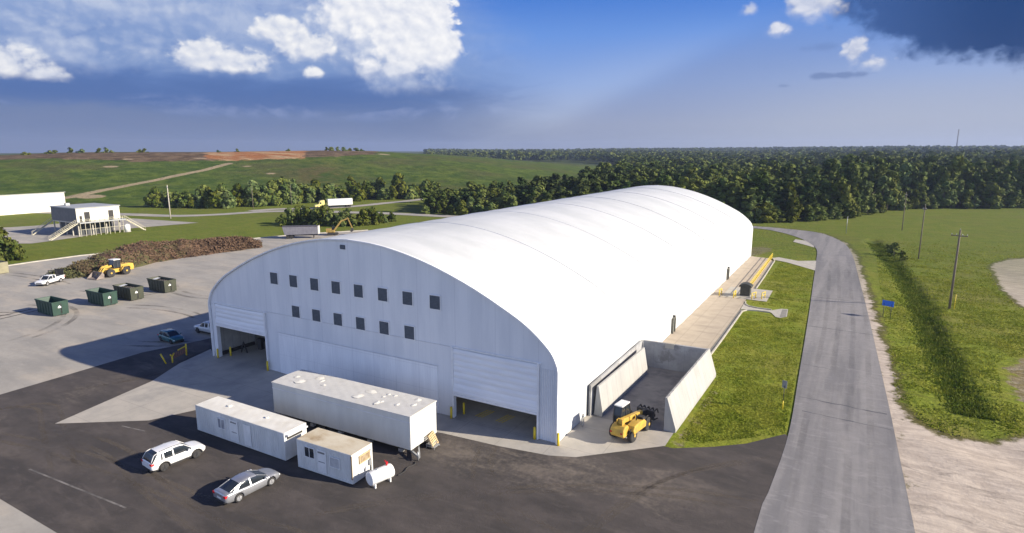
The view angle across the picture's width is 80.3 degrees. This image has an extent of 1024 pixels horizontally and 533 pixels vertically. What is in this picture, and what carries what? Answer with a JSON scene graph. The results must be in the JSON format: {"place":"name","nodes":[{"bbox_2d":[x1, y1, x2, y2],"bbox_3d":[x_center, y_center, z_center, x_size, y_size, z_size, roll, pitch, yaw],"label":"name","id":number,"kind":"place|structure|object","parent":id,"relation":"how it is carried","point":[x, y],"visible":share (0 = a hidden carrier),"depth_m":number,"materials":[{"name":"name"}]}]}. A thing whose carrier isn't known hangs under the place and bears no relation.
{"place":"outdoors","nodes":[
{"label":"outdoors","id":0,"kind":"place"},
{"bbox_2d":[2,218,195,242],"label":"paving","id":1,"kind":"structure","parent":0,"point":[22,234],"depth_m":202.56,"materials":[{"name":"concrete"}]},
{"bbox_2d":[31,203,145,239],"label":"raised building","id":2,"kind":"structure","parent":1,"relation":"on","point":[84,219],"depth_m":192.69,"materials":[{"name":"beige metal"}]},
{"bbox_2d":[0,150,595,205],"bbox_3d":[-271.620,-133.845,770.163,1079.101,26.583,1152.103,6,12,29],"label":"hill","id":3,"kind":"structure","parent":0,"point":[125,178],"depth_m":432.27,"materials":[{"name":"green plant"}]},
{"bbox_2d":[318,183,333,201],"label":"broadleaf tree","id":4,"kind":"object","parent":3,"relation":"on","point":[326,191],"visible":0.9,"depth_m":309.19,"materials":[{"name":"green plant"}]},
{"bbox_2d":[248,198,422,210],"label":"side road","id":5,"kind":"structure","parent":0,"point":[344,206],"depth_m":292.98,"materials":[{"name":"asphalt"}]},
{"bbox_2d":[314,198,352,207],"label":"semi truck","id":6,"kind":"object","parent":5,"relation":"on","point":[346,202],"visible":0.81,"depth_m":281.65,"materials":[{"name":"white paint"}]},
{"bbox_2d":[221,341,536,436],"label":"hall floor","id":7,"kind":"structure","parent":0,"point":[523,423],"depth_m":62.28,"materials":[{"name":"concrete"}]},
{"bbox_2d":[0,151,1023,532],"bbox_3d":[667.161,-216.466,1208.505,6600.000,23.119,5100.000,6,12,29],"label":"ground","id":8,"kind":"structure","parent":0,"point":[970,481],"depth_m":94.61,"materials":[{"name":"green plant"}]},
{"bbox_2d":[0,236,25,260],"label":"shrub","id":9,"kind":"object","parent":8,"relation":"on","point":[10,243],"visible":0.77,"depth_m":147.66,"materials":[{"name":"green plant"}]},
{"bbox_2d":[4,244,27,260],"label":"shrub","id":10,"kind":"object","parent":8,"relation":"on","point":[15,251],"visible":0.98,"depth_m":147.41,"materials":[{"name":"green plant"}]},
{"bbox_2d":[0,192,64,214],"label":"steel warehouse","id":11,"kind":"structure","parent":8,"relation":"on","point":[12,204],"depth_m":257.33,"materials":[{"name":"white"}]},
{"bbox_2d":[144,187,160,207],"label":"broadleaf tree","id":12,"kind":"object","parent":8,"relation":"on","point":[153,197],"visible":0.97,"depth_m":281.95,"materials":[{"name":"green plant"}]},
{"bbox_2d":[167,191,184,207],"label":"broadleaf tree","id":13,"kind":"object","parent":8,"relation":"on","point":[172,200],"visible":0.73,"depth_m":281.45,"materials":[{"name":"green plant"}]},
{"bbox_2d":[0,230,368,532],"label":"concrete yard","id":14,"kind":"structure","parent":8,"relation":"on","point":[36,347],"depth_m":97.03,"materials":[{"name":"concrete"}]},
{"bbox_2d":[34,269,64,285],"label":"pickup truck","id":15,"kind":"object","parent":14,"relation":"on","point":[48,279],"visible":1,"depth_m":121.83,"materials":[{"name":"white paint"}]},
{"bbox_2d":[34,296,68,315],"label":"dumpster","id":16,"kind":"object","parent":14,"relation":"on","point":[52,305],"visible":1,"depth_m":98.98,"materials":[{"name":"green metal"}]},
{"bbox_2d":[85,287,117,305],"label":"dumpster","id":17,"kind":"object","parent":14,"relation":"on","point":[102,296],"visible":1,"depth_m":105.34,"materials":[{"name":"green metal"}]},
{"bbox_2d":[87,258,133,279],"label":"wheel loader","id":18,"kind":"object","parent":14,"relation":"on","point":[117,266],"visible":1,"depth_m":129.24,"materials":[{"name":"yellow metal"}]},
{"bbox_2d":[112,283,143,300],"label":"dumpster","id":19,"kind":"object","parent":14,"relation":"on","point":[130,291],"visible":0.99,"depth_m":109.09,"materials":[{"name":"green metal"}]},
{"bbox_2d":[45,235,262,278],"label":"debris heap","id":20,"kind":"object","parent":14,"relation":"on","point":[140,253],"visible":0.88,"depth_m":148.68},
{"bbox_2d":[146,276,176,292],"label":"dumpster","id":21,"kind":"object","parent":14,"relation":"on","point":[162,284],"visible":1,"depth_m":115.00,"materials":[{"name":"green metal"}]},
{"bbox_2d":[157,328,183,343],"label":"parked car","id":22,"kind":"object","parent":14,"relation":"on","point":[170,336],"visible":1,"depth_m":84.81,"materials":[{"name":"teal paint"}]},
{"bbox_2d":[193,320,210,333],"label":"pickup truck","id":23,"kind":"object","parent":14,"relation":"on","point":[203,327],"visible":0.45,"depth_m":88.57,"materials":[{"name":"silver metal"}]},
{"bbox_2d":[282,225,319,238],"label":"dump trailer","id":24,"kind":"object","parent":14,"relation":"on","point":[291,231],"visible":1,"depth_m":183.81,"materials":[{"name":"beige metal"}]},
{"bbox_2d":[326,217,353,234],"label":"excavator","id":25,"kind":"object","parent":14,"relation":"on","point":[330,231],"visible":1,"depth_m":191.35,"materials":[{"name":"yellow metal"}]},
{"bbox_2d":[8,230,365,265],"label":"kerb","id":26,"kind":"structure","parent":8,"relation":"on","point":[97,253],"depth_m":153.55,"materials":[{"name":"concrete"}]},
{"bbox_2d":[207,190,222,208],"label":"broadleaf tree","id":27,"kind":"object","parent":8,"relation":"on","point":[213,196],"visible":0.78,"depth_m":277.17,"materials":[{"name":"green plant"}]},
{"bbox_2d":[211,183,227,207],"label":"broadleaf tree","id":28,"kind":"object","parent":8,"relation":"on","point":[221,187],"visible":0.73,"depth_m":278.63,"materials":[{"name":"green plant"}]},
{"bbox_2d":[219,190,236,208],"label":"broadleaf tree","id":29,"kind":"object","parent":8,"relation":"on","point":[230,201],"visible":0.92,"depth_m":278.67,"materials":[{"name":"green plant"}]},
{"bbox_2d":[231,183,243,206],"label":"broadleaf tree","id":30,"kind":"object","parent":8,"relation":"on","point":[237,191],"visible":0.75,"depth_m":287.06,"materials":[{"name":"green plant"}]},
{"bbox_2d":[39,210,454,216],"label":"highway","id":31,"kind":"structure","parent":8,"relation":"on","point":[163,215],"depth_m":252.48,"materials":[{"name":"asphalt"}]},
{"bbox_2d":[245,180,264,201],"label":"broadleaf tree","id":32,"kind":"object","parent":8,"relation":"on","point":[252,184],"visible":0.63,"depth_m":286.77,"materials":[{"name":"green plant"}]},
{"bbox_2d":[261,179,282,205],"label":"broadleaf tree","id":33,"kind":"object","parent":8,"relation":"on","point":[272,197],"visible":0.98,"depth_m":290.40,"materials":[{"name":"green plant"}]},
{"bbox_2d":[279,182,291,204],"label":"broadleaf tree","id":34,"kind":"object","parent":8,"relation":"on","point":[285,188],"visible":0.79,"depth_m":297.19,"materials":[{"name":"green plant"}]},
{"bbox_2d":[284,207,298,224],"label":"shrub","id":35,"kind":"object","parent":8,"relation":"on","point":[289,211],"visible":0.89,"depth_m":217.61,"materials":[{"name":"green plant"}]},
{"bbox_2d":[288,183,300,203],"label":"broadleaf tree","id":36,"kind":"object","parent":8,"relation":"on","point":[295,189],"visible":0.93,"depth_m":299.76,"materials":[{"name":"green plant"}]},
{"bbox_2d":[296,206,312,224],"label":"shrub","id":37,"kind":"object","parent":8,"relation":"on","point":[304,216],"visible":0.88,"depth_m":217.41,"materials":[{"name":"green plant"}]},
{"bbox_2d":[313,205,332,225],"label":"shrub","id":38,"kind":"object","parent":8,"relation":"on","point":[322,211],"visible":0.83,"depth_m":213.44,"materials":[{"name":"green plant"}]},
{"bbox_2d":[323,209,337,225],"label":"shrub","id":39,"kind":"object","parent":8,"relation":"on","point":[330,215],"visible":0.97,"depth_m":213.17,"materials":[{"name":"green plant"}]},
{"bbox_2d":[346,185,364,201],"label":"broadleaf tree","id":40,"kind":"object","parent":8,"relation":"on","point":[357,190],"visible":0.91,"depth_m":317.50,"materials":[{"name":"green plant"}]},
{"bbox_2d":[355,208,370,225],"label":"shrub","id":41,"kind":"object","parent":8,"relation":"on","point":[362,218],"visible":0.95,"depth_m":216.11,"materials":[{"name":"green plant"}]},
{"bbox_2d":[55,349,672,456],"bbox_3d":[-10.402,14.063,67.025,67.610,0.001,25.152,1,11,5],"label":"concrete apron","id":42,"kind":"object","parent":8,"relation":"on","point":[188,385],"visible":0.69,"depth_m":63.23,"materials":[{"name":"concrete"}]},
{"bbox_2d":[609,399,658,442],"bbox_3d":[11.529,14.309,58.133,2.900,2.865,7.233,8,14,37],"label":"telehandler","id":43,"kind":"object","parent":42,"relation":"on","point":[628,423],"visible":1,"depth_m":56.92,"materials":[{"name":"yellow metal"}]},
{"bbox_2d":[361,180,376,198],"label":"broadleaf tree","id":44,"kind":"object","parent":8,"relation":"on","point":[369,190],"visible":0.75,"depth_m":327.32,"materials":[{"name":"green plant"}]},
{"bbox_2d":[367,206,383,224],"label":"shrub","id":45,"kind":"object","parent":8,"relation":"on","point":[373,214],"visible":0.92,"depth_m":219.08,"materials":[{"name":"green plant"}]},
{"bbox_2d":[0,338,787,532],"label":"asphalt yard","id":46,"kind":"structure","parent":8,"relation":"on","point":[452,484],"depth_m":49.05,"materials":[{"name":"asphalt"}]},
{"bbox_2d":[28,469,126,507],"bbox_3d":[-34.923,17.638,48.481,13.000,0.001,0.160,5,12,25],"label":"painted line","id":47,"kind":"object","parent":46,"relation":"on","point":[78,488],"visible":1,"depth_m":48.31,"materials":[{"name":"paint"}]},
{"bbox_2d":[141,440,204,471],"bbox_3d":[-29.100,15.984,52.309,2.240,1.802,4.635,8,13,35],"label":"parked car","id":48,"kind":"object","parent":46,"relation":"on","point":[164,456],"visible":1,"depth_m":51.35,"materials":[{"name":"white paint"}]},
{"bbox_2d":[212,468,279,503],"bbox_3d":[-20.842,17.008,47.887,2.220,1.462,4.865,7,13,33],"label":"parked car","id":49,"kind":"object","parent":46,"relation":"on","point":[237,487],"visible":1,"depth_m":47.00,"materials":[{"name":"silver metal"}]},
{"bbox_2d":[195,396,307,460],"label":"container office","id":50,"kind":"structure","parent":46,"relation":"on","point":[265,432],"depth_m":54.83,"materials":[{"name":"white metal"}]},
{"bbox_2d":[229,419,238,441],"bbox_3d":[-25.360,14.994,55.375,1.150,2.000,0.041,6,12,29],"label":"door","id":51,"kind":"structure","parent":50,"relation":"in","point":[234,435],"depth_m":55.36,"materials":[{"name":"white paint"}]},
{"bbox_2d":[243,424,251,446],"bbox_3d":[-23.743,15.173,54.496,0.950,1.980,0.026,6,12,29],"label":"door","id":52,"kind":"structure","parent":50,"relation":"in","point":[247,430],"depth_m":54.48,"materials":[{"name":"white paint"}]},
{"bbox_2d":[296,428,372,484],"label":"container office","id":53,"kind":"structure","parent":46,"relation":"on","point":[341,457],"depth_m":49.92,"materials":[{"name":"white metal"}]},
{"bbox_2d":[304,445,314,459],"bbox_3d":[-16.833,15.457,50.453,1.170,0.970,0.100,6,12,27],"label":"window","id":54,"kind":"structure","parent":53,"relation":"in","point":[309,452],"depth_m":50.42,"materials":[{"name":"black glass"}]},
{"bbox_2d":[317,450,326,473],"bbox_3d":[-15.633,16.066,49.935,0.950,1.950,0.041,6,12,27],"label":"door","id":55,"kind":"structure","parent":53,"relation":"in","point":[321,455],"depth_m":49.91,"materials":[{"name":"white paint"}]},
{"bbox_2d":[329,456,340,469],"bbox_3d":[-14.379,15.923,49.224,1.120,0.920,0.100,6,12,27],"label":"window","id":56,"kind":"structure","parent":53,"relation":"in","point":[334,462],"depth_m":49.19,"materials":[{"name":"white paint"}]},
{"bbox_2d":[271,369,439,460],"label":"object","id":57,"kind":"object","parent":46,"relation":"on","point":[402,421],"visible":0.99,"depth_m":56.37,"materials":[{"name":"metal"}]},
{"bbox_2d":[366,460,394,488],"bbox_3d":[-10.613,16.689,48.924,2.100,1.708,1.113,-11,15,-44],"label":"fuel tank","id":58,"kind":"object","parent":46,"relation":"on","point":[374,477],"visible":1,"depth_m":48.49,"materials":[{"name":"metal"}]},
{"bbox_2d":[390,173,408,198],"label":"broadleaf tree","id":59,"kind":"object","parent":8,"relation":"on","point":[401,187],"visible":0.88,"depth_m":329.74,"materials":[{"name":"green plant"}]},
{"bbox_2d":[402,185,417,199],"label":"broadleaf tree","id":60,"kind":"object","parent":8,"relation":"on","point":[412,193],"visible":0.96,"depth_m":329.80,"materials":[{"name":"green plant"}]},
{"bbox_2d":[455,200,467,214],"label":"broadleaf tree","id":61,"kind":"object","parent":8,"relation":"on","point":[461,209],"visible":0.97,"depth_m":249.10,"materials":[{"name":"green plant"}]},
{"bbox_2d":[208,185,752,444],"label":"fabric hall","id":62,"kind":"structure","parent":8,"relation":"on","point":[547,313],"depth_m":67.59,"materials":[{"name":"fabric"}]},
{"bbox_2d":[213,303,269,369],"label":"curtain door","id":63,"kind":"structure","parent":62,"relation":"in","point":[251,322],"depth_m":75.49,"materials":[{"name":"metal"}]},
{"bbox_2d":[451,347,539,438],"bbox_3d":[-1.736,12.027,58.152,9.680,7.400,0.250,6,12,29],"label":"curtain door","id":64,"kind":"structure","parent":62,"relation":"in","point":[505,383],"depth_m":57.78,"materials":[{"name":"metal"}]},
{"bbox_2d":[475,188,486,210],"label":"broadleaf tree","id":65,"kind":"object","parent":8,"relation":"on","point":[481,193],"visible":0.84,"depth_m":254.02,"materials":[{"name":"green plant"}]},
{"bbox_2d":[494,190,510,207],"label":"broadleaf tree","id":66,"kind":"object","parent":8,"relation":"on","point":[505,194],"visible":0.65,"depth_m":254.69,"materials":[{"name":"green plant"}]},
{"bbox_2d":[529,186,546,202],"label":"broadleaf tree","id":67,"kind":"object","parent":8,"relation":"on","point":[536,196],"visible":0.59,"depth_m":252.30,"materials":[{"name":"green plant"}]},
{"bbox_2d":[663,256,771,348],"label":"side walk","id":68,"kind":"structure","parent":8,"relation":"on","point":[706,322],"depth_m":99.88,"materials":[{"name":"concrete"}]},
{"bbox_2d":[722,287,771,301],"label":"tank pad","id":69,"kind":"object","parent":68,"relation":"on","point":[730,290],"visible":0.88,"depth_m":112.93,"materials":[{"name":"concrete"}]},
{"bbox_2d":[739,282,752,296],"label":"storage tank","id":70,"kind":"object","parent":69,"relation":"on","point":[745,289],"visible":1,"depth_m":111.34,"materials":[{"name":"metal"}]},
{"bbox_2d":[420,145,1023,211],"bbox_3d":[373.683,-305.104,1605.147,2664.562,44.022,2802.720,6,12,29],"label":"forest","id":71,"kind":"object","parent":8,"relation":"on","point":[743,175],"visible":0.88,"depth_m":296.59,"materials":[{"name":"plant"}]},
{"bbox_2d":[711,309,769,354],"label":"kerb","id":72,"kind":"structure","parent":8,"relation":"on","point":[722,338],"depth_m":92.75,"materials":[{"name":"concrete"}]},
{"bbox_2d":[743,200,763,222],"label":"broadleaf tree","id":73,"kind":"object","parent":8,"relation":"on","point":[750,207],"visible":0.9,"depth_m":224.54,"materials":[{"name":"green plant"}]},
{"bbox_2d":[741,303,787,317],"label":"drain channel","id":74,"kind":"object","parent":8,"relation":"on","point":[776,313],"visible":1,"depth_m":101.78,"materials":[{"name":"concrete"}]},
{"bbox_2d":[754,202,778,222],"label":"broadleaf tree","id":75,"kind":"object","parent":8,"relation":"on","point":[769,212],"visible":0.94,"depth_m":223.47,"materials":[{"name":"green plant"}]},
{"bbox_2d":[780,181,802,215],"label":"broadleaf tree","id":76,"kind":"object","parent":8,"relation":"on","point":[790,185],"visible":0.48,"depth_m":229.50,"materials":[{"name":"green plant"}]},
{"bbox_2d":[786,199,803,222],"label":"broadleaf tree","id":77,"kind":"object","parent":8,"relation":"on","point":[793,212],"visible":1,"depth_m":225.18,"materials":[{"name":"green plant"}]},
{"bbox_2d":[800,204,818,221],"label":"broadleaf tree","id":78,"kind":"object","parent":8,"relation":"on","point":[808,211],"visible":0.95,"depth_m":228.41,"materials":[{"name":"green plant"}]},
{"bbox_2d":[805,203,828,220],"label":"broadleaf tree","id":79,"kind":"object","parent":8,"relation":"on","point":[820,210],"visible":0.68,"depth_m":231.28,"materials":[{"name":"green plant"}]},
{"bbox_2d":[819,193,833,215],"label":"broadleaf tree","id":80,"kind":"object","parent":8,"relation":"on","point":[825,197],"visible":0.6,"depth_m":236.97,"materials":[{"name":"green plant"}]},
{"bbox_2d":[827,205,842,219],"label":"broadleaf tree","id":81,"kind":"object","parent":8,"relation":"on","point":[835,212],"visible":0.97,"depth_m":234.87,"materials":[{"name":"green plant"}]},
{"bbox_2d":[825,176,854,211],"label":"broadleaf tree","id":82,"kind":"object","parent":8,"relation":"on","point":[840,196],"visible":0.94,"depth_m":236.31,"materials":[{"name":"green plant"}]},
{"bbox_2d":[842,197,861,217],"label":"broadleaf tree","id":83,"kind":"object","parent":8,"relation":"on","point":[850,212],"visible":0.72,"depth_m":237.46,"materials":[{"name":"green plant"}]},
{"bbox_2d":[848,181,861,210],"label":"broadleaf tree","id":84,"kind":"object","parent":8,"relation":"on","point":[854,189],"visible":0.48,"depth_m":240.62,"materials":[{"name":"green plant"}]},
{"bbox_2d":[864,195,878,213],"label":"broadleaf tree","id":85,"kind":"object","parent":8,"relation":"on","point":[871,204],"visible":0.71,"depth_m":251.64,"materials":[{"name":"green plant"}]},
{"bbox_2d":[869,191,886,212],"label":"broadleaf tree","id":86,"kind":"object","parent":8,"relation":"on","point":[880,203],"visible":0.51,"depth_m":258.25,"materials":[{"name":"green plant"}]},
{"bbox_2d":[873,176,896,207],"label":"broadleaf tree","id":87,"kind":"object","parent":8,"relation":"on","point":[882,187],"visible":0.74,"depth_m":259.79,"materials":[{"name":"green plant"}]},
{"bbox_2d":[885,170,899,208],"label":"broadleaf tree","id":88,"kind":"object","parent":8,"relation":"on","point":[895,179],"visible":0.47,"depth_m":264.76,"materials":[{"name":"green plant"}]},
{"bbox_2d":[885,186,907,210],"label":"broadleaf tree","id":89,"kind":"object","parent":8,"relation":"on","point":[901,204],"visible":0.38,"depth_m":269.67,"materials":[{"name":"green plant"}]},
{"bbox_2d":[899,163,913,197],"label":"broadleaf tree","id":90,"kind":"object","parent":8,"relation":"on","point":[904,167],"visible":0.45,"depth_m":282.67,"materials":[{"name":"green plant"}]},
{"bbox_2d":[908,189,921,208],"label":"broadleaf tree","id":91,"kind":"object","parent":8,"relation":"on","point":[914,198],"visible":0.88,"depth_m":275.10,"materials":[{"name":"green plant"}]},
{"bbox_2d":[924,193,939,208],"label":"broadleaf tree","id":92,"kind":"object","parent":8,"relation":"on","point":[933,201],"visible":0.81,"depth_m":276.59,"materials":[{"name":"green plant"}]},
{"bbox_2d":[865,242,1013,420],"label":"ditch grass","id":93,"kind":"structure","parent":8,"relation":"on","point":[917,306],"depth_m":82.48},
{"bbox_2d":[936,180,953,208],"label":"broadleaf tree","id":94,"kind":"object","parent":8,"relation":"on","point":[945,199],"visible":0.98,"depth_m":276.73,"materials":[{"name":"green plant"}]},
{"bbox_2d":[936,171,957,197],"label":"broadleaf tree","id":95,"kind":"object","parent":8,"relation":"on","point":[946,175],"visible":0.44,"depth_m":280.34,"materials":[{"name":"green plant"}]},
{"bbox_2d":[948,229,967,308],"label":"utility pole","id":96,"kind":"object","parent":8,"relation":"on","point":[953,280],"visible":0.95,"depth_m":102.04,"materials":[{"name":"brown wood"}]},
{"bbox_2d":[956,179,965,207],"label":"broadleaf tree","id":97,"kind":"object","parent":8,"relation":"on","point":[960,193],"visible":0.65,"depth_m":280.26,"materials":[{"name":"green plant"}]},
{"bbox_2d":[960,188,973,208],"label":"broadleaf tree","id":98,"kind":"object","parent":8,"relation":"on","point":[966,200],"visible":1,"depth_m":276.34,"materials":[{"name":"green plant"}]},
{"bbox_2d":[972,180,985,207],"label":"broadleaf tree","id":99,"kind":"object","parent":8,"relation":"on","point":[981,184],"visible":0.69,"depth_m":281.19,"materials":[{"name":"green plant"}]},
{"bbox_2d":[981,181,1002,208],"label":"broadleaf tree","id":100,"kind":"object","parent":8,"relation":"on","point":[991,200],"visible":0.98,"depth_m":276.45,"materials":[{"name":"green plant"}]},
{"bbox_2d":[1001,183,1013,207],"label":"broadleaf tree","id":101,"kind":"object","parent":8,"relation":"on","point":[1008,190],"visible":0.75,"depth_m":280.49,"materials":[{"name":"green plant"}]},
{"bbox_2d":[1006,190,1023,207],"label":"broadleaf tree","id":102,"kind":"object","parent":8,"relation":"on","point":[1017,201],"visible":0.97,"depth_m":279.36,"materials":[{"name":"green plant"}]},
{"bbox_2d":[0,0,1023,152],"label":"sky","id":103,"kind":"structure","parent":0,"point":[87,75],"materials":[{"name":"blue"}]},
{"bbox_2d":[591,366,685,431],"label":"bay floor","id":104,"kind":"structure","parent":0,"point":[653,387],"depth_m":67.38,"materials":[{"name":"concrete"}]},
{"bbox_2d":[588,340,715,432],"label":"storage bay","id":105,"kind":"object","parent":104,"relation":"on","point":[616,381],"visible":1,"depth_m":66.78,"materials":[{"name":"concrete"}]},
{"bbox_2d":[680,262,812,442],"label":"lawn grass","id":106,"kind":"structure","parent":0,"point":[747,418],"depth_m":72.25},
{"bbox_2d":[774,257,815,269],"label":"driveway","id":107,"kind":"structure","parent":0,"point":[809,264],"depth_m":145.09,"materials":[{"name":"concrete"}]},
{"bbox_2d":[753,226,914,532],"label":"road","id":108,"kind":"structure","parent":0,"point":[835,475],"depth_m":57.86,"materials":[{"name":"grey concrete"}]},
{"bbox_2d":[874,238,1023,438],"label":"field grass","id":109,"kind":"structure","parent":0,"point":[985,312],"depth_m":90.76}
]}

- - - - - - -

The answer consists of the lines above that include the word "container", each copied exactly.

{"bbox_2d":[195,396,307,460],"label":"container office","id":50,"kind":"structure","parent":46,"relation":"on","point":[265,432],"depth_m":54.83,"materials":[{"name":"white metal"}]},
{"bbox_2d":[296,428,372,484],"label":"container office","id":53,"kind":"structure","parent":46,"relation":"on","point":[341,457],"depth_m":49.92,"materials":[{"name":"white metal"}]},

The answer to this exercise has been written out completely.